▶ [Work to complete]:
In the data below, one line contains "1440x1080px · pediatric" and a later one contains "Assessment: physiological appearance.". Print both, with every line between them, exactly and alone.

▶ [Extracted records]:
....

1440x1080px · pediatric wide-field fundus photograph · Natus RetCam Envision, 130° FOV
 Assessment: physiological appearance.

....

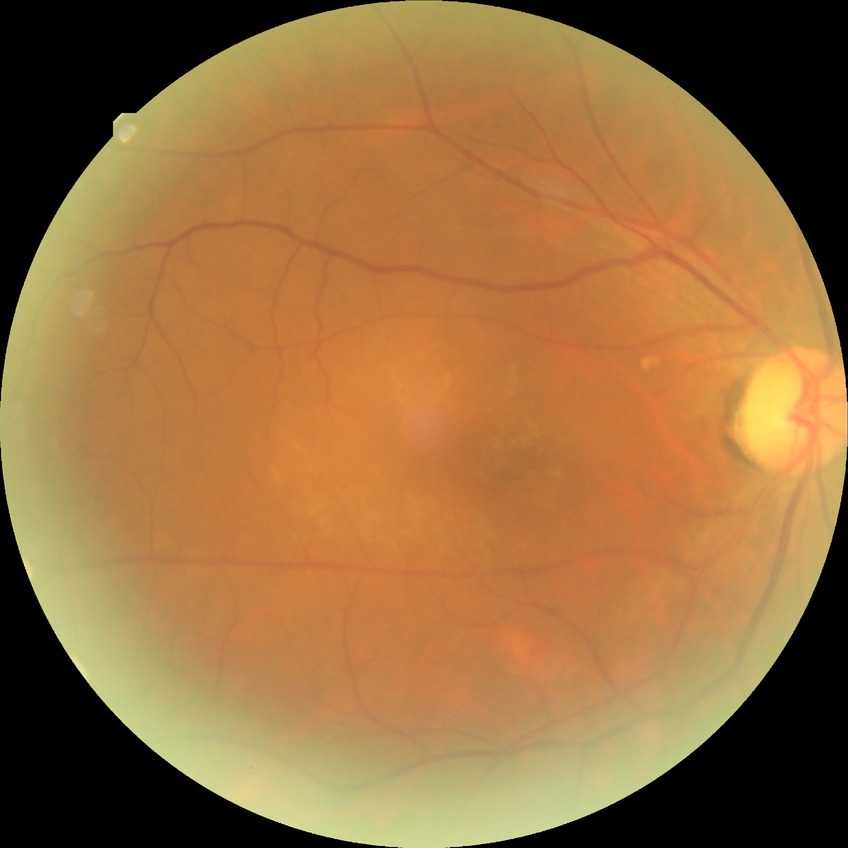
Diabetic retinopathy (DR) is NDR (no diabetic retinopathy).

....

▶ [Exercise answer]:
1440x1080px · pediatric wide-field fundus photograph · Natus RetCam Envision, 130° FOV
 Assessment: physiological appearance.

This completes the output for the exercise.